### Exercise details
All of the records below are to be given again word for word, with the pictures removed.

Stored items
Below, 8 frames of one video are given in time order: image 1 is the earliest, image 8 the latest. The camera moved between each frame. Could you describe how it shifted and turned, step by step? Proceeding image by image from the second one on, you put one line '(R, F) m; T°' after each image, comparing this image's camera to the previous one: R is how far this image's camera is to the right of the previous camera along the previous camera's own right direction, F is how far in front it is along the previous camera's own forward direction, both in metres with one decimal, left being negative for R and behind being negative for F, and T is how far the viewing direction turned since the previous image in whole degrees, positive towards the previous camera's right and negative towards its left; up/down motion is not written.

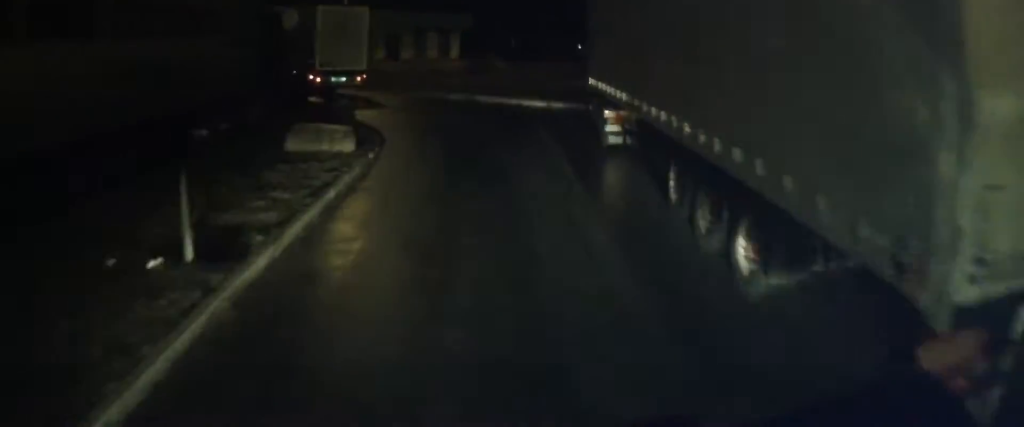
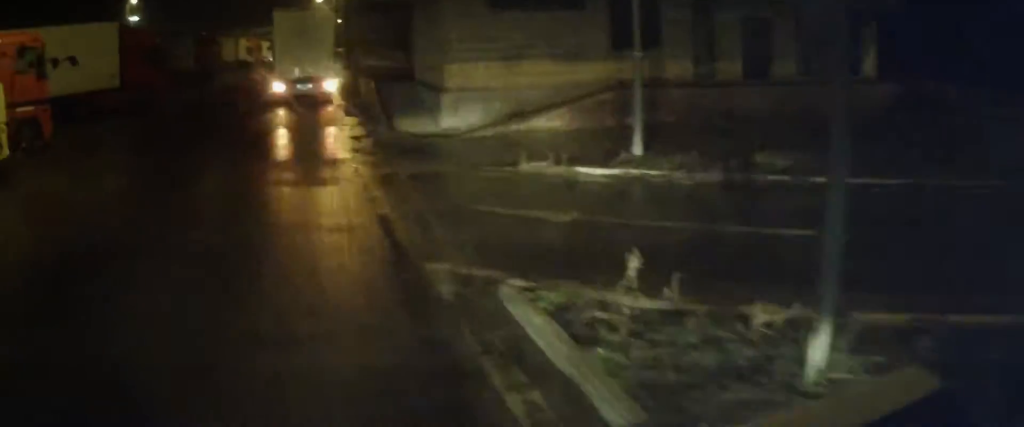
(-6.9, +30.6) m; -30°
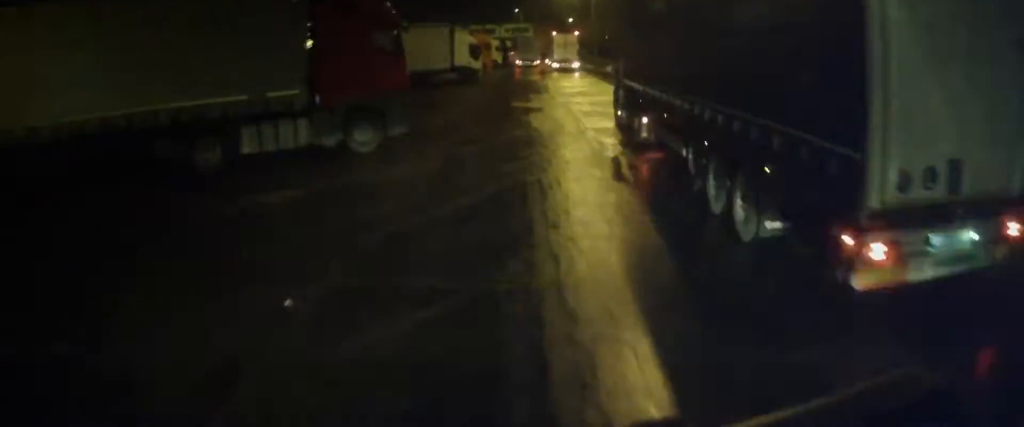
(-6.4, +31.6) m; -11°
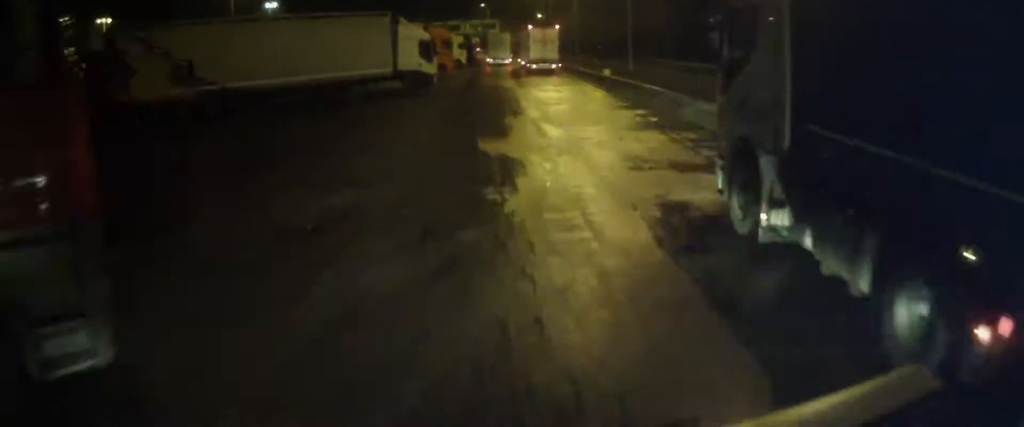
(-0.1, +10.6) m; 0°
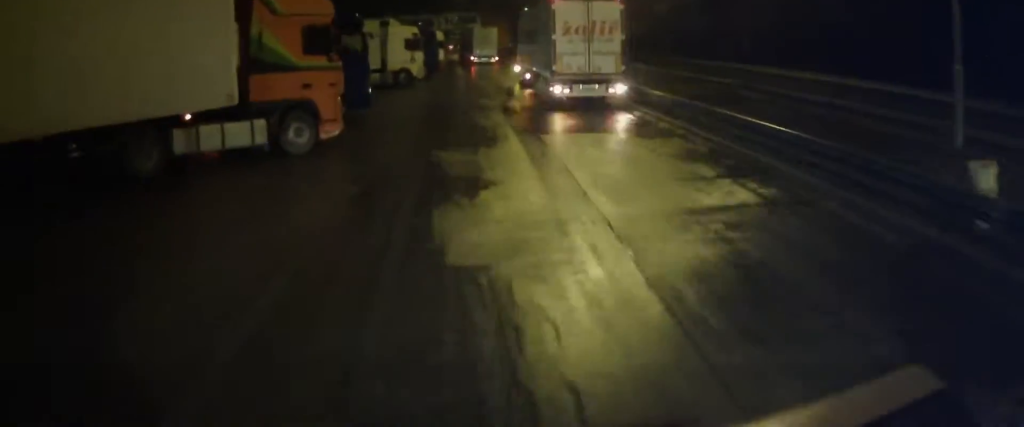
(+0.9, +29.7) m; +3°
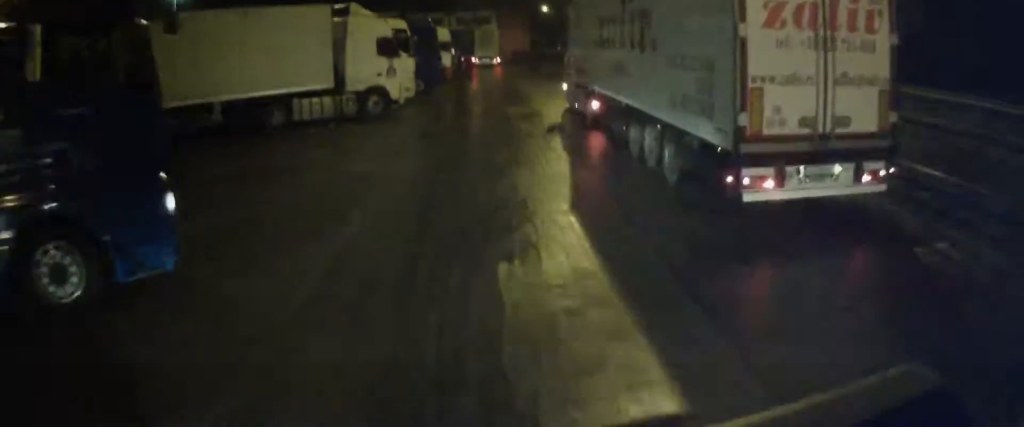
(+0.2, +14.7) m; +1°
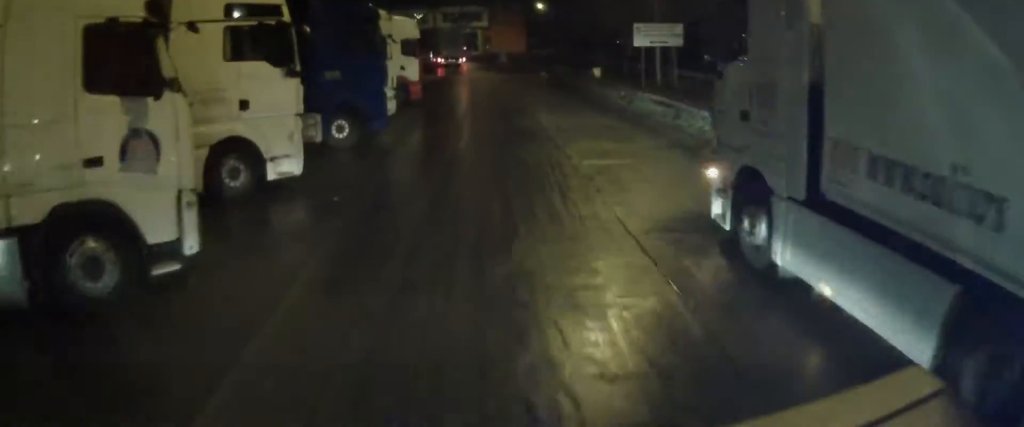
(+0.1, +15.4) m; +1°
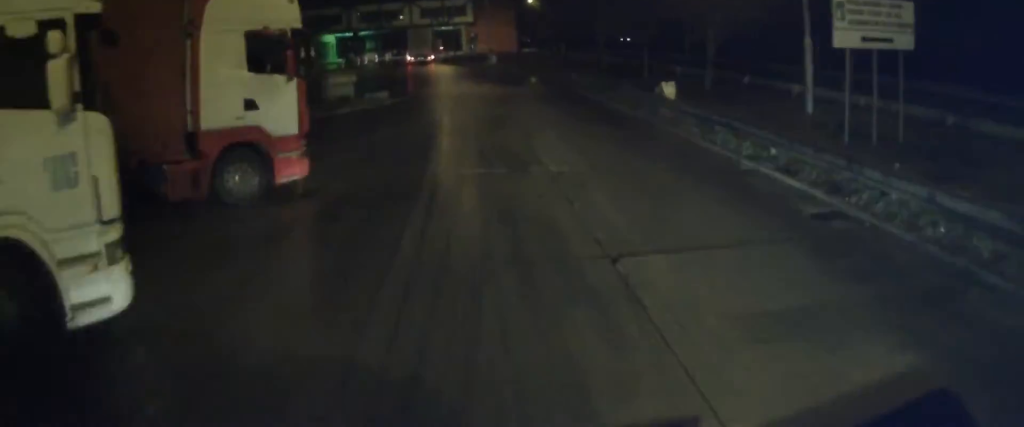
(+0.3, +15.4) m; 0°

### Task output
Below, 8 frames of one video are given in time order: image 1 is the earliest, image 8 the latest. The camera moved between each frame. Could you describe how it shifted and turned, step by step? Proceeding image by image from the second one on, you put one line '(R, F) m; T°' after each image, comparing this image's camera to the previous one: R is how far this image's camera is to the right of the previous camera along the previous camera's own right direction, F is how far in front it is along the previous camera's own forward direction, both in metres with one decimal, left being negative for R and behind being negative for F, and T is how far the viewing direction turned since the previous image in whole degrees, positive towards the previous camera's right and negative towards its left; up/down motion is not written.

(-6.9, +30.6) m; -30°
(-6.4, +31.6) m; -11°
(-0.1, +10.6) m; 0°
(+0.9, +29.7) m; +3°
(+0.2, +14.7) m; +1°
(+0.1, +15.4) m; +1°
(+0.3, +15.4) m; 0°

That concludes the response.